» **Task instructions**: Copy out each line of the data holding "place".

» **Given data**:

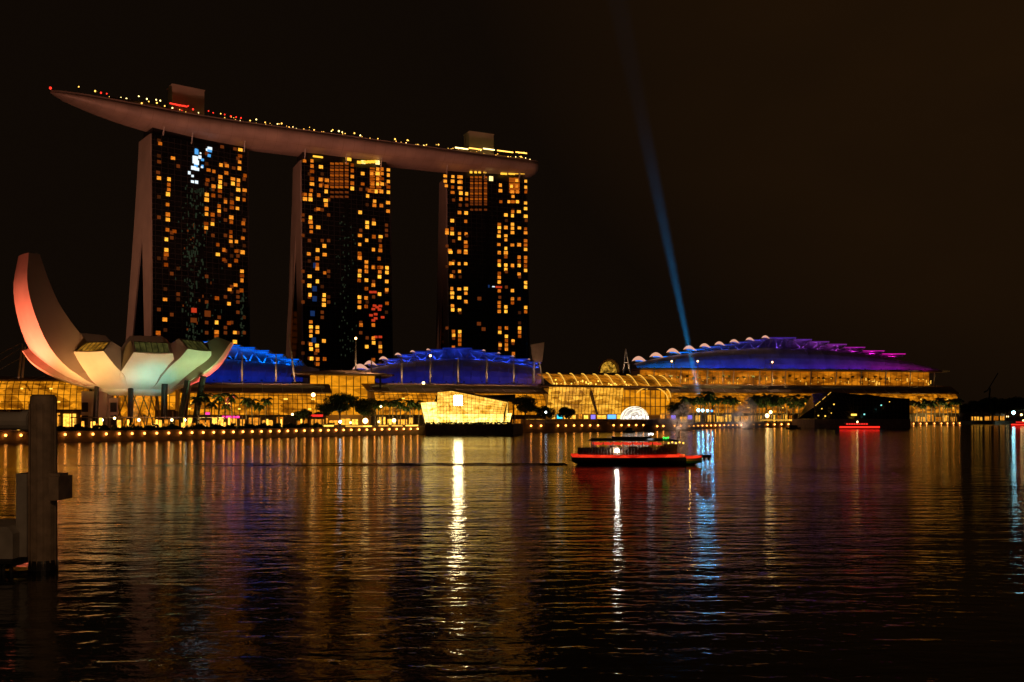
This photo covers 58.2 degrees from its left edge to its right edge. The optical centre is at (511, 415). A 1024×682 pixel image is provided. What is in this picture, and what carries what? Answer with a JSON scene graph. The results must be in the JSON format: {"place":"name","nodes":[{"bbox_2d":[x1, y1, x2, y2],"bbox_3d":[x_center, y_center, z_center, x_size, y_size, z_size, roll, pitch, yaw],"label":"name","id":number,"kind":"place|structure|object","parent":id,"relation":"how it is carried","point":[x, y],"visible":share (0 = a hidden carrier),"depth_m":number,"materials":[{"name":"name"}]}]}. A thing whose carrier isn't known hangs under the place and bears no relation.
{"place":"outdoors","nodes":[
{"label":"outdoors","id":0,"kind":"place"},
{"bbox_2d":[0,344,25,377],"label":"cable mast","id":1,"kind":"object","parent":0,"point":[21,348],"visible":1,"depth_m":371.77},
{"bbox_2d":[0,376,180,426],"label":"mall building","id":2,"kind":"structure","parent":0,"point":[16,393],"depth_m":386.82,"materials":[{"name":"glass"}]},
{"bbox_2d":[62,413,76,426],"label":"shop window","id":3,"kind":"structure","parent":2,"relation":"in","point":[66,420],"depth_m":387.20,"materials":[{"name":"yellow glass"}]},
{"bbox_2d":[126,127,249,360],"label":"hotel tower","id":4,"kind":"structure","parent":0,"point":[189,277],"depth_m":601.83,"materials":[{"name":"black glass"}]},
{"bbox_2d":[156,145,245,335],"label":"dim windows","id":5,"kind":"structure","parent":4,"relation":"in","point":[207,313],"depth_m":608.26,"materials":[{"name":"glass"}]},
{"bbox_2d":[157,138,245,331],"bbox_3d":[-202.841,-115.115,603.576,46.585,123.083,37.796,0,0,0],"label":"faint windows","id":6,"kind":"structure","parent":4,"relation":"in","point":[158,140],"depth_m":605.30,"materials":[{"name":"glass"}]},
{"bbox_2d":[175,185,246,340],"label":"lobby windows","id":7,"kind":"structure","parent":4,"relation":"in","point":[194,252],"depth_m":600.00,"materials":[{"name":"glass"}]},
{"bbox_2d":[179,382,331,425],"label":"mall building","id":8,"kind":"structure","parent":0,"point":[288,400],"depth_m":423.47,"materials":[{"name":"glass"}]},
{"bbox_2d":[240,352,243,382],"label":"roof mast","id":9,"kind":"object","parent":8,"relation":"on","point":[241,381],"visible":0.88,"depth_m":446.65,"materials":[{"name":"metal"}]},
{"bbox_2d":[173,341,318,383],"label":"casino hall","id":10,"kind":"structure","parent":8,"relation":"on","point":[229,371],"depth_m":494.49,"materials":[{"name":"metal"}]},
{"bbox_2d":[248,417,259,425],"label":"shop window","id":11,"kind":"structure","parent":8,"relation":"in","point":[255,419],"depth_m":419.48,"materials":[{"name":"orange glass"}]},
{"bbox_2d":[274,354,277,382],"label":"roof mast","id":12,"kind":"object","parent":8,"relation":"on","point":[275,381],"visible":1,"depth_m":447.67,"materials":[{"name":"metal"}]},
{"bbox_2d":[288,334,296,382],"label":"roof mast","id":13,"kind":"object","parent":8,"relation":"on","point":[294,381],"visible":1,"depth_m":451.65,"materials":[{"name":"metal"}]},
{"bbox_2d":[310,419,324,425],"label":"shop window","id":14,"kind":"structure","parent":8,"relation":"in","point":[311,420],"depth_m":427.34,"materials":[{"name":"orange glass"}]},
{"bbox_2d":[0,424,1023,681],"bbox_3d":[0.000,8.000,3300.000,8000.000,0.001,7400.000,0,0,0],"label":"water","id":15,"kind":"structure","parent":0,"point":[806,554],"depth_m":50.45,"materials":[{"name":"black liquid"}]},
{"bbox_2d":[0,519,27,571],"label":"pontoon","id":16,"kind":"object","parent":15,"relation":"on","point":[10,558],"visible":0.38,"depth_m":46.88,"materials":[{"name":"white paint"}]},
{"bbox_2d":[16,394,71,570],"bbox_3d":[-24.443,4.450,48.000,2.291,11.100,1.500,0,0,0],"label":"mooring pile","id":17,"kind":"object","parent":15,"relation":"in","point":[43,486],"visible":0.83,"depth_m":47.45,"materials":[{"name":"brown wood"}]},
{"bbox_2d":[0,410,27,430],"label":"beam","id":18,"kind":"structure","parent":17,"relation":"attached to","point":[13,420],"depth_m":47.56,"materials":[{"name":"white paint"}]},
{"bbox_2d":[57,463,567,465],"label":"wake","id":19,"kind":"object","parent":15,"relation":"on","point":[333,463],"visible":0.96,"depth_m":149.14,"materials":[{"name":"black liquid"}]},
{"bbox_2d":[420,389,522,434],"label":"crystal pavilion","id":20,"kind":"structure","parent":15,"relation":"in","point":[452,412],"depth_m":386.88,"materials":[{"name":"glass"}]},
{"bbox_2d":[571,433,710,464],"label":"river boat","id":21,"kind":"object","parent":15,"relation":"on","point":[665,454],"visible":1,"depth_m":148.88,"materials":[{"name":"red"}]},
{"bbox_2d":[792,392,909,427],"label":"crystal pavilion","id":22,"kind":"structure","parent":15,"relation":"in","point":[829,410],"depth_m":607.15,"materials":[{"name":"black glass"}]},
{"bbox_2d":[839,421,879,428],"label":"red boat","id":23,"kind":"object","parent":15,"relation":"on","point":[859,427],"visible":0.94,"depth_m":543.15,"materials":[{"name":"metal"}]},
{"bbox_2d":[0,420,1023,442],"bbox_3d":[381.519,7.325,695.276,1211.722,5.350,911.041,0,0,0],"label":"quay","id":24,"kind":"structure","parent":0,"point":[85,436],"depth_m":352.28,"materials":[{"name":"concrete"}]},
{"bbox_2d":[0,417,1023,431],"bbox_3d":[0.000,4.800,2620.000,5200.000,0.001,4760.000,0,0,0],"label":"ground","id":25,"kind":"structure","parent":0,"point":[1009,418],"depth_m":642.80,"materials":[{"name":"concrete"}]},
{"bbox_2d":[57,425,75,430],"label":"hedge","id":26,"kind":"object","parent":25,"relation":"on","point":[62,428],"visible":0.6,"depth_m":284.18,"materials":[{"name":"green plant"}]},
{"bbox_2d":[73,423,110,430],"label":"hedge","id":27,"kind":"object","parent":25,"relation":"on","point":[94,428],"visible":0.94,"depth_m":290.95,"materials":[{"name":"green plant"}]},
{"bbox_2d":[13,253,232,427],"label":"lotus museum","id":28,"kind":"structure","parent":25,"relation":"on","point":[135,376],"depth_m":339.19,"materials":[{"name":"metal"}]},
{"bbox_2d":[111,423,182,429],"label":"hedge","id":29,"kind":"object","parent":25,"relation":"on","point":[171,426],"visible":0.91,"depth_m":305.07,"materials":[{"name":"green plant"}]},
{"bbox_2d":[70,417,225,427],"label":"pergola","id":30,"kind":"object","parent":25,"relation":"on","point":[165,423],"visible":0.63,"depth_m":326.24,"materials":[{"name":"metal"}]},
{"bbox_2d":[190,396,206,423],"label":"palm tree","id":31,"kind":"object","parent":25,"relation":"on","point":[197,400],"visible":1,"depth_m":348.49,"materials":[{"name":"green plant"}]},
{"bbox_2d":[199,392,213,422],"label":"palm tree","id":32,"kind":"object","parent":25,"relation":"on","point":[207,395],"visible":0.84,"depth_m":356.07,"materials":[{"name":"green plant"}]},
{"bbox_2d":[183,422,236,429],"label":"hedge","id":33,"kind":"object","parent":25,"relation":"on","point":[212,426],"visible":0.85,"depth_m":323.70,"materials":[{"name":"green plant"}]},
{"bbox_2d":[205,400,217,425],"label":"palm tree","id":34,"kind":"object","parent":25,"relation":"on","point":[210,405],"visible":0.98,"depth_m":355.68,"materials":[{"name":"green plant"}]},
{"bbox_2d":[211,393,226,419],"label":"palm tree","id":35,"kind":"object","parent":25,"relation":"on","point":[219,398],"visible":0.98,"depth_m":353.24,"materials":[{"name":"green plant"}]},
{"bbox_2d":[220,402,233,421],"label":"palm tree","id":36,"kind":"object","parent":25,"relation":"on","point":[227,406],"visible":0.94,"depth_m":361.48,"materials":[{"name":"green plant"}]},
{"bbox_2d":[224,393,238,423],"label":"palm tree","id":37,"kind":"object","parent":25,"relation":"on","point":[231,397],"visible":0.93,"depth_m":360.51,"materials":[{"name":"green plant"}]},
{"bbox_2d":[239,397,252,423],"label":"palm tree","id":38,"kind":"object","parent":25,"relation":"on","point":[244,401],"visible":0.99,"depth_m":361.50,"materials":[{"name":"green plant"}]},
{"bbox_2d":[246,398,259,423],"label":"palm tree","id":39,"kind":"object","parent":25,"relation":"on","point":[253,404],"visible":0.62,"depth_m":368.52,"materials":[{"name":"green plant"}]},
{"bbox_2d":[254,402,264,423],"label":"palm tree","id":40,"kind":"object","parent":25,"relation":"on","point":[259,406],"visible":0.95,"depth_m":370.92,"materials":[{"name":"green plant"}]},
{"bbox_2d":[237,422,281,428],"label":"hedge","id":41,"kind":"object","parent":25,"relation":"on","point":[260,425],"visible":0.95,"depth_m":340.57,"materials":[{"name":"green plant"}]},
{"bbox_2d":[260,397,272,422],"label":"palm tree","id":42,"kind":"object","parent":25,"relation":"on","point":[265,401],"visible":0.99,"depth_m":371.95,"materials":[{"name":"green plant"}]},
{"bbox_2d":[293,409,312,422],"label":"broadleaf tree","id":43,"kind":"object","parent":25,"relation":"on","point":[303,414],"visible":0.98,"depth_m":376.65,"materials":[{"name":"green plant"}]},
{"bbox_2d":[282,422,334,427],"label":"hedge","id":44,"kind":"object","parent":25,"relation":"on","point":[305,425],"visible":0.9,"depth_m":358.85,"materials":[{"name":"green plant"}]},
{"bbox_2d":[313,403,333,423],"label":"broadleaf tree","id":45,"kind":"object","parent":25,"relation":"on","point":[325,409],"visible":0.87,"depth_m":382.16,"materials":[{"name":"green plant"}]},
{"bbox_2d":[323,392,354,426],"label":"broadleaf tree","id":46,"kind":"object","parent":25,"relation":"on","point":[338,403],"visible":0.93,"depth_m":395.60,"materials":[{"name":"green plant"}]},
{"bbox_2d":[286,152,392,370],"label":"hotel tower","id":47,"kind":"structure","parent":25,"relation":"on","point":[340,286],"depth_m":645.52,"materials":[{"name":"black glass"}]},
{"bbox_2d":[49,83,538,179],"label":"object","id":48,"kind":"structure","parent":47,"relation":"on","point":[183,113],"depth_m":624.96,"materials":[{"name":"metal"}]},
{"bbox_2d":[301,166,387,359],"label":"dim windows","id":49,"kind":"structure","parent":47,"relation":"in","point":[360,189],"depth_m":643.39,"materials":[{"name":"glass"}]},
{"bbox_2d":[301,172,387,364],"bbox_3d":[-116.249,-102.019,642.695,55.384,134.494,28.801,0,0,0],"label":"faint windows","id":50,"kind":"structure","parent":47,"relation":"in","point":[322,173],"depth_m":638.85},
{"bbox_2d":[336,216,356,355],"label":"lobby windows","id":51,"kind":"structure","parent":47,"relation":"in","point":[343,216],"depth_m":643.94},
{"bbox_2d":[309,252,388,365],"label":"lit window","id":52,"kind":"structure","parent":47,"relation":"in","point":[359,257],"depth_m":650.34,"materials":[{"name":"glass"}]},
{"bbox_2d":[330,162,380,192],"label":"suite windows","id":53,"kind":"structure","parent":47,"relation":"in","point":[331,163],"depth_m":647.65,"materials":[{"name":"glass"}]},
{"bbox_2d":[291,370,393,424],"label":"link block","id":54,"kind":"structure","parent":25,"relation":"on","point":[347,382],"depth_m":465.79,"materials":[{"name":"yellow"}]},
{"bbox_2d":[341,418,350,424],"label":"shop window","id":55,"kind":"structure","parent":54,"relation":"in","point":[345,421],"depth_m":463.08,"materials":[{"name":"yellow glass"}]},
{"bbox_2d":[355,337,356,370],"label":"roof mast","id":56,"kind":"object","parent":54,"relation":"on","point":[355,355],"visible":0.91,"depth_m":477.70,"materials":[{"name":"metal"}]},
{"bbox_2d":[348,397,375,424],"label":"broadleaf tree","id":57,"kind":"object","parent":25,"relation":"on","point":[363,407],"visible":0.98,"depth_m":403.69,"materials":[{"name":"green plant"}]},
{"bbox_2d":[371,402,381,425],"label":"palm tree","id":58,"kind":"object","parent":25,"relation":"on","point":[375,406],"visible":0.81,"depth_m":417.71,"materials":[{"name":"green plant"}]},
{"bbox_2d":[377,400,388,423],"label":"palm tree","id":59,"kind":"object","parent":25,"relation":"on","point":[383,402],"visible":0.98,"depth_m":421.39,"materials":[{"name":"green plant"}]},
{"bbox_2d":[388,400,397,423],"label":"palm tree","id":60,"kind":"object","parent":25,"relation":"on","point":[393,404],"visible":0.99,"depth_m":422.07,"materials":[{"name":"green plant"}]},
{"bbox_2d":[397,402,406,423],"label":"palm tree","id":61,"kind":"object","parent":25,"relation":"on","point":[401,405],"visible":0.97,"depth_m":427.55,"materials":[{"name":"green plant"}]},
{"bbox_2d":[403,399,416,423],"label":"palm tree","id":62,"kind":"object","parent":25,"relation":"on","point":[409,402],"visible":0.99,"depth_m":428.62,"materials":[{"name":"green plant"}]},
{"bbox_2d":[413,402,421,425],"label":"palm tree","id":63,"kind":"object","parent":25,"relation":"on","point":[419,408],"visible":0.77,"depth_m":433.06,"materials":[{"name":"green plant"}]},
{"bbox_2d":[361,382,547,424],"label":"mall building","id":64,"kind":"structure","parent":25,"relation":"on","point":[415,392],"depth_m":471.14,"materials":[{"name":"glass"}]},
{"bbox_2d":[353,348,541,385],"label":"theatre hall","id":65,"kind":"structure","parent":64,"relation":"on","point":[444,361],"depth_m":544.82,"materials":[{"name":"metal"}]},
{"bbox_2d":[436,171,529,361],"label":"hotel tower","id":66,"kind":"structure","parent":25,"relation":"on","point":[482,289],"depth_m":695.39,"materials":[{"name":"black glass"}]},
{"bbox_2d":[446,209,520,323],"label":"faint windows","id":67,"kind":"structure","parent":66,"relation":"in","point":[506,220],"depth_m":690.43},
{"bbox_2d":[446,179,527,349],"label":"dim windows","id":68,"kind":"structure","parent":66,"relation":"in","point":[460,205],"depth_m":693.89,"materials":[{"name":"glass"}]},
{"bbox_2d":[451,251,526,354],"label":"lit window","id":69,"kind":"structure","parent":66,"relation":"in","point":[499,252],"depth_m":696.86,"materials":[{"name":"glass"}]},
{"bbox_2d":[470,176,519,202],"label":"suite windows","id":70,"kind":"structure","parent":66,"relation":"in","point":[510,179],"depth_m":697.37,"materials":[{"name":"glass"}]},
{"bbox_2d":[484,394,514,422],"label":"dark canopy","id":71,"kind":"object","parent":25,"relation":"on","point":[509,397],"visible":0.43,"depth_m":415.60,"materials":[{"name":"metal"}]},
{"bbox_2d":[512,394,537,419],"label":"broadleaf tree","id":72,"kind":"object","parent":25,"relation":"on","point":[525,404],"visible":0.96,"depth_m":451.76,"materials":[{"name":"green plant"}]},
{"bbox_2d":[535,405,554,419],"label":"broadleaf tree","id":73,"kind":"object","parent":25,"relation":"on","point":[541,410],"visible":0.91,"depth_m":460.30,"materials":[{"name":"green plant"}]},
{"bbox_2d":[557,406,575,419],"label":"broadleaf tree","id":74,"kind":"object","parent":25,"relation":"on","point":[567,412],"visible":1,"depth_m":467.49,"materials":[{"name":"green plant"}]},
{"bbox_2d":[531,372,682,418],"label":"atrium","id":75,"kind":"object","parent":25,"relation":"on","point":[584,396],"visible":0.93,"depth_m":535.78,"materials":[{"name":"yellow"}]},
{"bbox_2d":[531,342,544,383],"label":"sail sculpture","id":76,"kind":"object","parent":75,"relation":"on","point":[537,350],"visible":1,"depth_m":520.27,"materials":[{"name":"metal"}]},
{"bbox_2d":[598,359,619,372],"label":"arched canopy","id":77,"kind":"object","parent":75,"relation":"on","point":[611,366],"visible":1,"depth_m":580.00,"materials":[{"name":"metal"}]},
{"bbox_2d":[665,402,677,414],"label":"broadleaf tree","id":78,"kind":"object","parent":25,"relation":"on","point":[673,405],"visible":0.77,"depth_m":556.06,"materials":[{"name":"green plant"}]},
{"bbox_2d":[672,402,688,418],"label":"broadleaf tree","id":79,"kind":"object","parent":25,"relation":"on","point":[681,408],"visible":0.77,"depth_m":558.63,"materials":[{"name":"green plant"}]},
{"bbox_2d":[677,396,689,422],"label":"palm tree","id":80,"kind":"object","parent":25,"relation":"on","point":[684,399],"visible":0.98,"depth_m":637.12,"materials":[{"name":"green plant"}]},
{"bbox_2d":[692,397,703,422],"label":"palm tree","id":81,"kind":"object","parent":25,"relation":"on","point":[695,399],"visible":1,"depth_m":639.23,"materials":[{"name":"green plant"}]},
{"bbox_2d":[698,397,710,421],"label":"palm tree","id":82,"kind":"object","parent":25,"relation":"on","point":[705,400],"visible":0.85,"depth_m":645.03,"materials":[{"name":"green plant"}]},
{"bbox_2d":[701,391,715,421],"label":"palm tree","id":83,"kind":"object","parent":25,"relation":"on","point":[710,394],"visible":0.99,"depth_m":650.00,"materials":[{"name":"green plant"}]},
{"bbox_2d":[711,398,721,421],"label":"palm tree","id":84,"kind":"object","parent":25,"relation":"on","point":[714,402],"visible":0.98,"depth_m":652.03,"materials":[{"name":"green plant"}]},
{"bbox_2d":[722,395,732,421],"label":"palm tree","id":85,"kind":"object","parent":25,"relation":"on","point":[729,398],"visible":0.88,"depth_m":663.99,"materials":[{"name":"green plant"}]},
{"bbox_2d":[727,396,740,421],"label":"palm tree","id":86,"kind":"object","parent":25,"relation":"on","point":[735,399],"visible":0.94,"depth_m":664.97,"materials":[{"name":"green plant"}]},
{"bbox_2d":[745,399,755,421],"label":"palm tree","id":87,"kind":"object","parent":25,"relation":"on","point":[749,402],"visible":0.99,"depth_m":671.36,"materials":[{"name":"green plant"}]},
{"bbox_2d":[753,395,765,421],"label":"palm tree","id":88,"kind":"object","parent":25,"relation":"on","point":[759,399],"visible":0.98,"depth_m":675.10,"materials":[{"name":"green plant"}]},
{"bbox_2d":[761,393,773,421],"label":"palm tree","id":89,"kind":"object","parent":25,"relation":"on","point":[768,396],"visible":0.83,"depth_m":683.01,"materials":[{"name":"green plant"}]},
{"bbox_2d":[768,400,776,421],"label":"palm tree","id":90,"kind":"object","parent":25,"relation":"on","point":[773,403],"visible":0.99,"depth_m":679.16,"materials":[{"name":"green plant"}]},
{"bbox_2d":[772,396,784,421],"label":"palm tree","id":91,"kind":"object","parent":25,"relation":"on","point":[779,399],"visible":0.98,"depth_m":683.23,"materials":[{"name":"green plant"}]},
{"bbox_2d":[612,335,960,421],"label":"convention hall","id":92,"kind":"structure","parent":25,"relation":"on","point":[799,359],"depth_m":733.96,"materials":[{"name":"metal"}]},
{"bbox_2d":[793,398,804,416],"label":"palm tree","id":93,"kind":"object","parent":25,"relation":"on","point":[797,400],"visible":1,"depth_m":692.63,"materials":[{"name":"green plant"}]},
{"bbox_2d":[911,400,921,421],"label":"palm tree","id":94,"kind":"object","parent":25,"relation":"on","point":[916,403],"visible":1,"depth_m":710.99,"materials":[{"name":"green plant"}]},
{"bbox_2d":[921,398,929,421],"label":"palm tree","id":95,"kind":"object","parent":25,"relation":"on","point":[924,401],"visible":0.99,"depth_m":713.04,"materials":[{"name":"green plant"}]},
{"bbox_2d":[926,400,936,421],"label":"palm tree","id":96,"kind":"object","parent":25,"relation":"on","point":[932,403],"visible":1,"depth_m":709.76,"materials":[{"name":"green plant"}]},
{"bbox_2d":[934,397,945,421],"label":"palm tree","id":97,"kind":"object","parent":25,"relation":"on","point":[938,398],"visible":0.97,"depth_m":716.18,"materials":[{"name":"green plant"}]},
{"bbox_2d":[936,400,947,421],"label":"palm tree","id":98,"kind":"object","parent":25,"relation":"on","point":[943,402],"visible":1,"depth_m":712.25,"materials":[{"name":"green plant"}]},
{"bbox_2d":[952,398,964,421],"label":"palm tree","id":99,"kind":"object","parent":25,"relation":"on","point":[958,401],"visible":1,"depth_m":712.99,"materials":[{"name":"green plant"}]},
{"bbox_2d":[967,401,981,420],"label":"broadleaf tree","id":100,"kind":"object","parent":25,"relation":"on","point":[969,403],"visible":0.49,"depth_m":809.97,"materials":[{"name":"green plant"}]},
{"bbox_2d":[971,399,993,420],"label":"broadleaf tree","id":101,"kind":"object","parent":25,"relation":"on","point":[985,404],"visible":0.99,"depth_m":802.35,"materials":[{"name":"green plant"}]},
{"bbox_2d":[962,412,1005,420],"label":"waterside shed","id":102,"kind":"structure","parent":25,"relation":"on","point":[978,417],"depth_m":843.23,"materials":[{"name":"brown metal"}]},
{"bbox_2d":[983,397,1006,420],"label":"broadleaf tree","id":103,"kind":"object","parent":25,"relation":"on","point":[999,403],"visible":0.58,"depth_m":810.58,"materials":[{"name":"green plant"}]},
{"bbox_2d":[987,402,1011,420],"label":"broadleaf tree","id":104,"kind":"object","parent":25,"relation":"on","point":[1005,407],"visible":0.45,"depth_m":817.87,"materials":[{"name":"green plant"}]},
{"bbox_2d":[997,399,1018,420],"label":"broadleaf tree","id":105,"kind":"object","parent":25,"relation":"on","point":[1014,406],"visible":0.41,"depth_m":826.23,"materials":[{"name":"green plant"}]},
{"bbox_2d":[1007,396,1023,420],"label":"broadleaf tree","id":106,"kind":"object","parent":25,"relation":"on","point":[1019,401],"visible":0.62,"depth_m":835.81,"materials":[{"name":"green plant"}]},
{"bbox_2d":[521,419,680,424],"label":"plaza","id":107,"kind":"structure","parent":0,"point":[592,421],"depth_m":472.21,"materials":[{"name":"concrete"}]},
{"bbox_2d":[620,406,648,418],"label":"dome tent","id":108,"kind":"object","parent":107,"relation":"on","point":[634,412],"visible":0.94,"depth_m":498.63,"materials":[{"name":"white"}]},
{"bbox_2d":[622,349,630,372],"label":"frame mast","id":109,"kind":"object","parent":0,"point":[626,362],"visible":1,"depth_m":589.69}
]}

» **Answer box**:
This photo covers 58.2 degrees from its left edge to its right edge. The optical centre is at (511, 415). A 1024×682 pixel image is provided. What is in this picture, and what carries what? Answer with a JSON scene graph. The results must be in the JSON format: {"place":"name","nodes":[{"bbox_2d":[x1, y1, x2, y2],"bbox_3d":[x_center, y_center, z_center, x_size, y_size, z_size, roll, pitch, yaw],"label":"name","id":number,"kind":"place|structure|object","parent":id,"relation":"how it is carried","point":[x, y],"visible":share (0 = a hidden carrier),"depth_m":number,"materials":[{"name":"name"}]}]}. A thing whose carrier isn't known hangs under the place and bears no relation.
{"place":"outdoors","nodes":[
{"label":"outdoors","id":0,"kind":"place"},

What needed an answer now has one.